Saved entries:
────

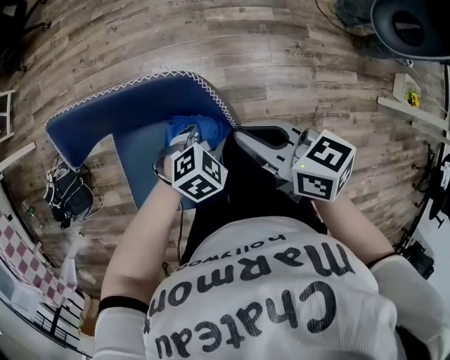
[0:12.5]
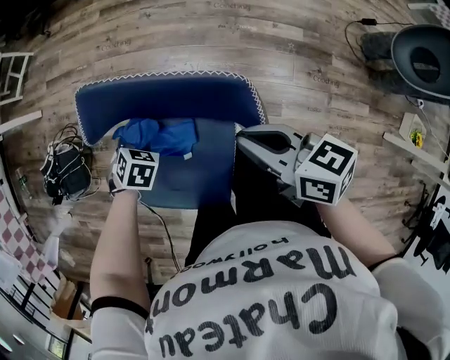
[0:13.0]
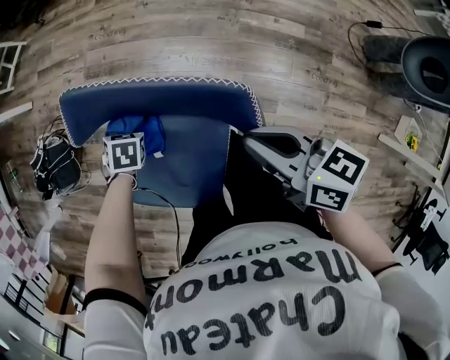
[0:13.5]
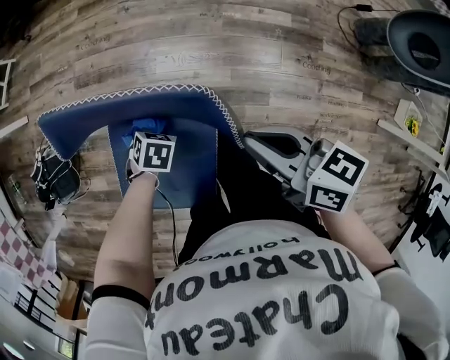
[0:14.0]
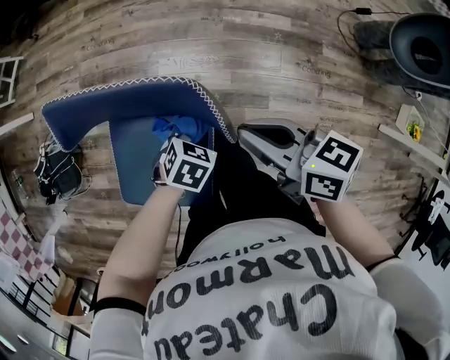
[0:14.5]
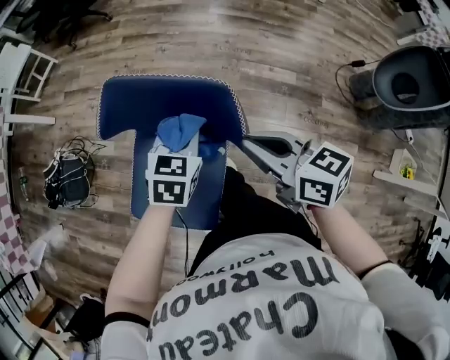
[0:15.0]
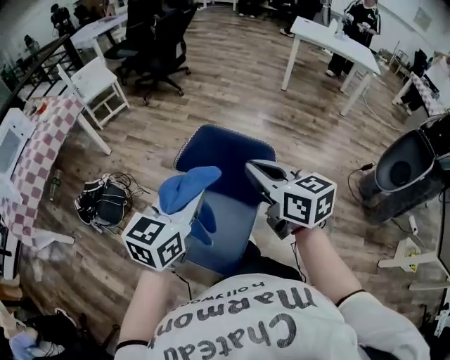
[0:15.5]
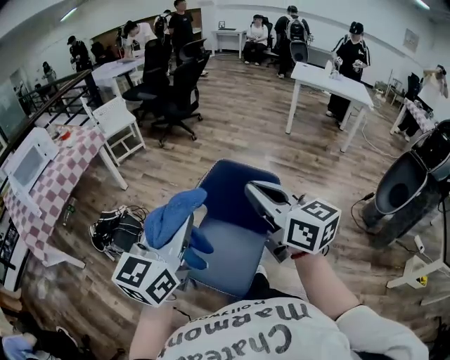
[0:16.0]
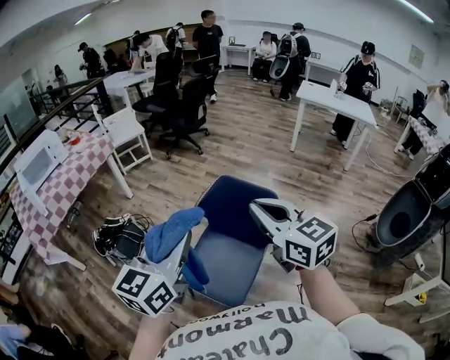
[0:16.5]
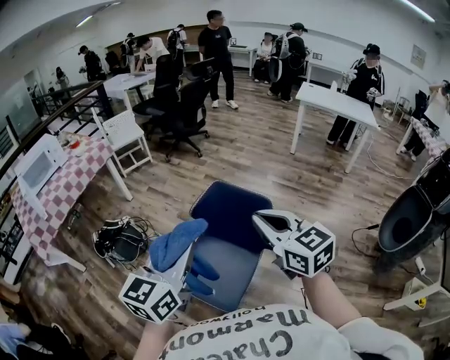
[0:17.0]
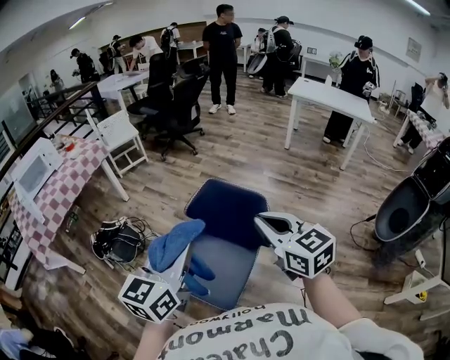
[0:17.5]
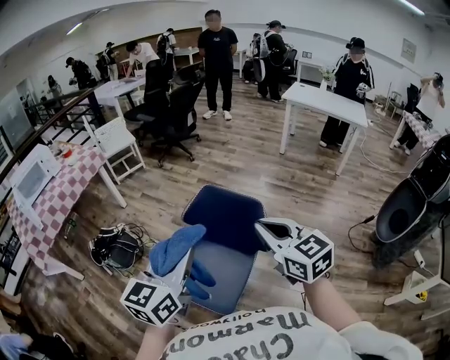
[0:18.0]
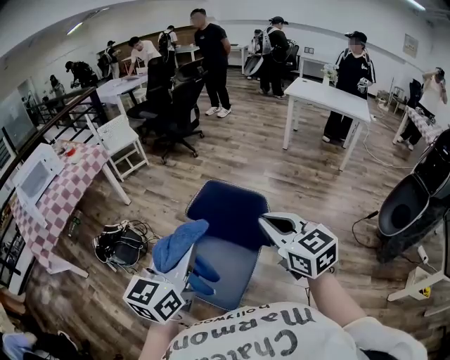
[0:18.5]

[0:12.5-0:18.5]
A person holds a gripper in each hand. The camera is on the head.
0:12.5 to 0:14.5: The left gripper turns by about 40 degrees.
0:14.5 to 0:16.5: The left gripper goes roughly 60 cm upward and to the left, and points its fingers approximately 70 degrees further upward, while the right gripper moves upward and to the left, some 40 cm, and twists approximately 40 degrees counterclockwise, seen from behind.
0:16.5 to 0:18.5: Both grippers travel together to the right, roughly 5 cm.

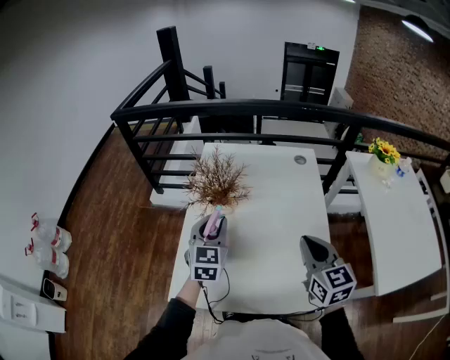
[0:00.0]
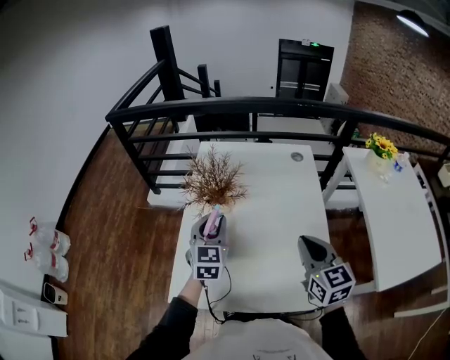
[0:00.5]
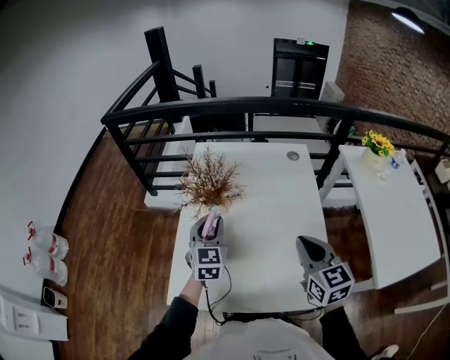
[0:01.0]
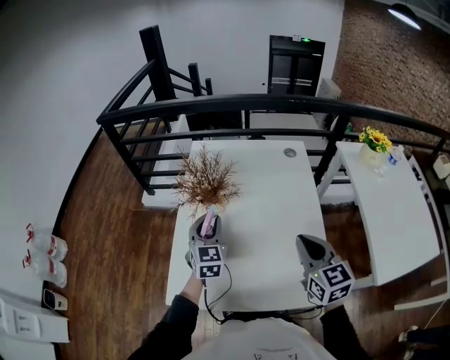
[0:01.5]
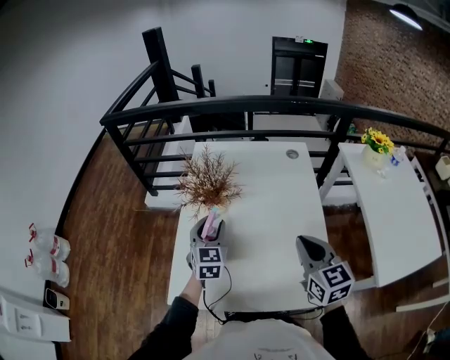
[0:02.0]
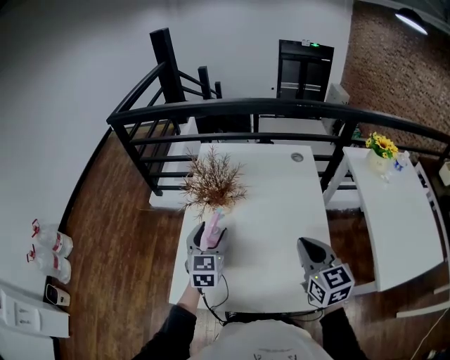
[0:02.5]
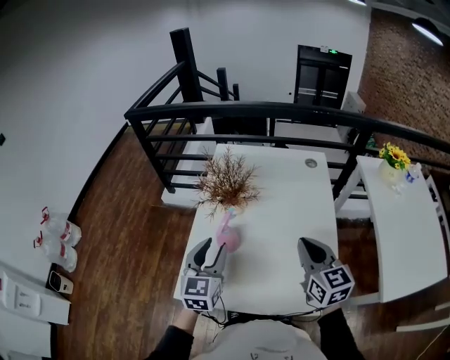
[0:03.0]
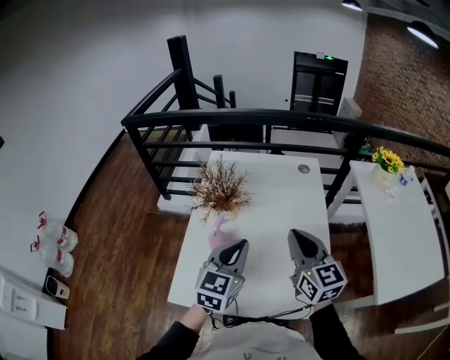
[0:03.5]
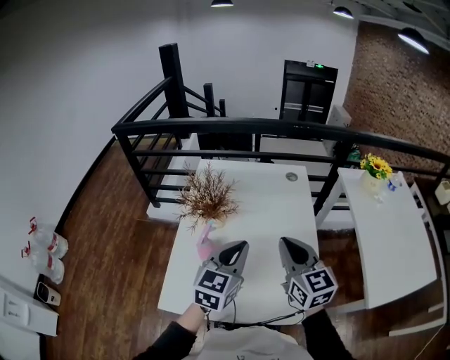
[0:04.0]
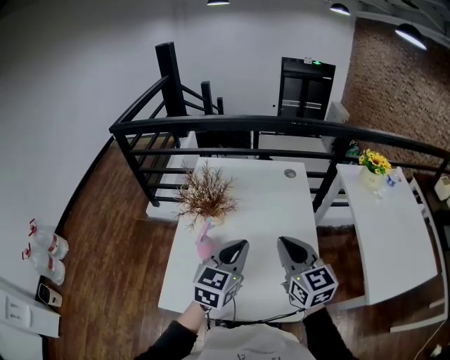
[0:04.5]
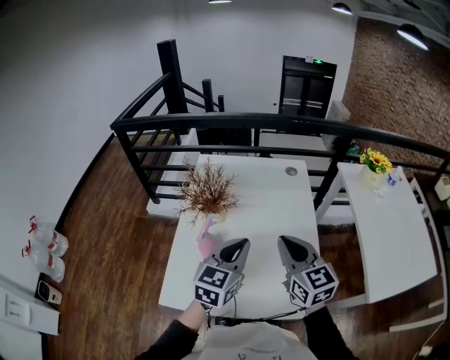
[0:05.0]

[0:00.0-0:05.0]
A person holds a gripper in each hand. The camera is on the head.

────

Would you transcribe all of the data exactly, apart from its pictures?

[0:12.5]
[0:13.0]
[0:13.5]
[0:14.0]
[0:14.5]
[0:15.0]
[0:15.5]
[0:16.0]
[0:16.5]
[0:17.0]
[0:17.5]
[0:18.0]
[0:18.5]

[0:12.5-0:18.5]
A person holds a gripper in each hand. The camera is on the head.
0:12.5 to 0:14.5: The left gripper turns by about 40 degrees.
0:14.5 to 0:16.5: The left gripper goes roughly 60 cm upward and to the left, and points its fingers approximately 70 degrees further upward, while the right gripper moves upward and to the left, some 40 cm, and twists approximately 40 degrees counterclockwise, seen from behind.
0:16.5 to 0:18.5: Both grippers travel together to the right, roughly 5 cm.

[0:00.0]
[0:00.5]
[0:01.0]
[0:01.5]
[0:02.0]
[0:02.5]
[0:03.0]
[0:03.5]
[0:04.0]
[0:04.5]
[0:05.0]

[0:00.0-0:05.0]
A person holds a gripper in each hand. The camera is on the head.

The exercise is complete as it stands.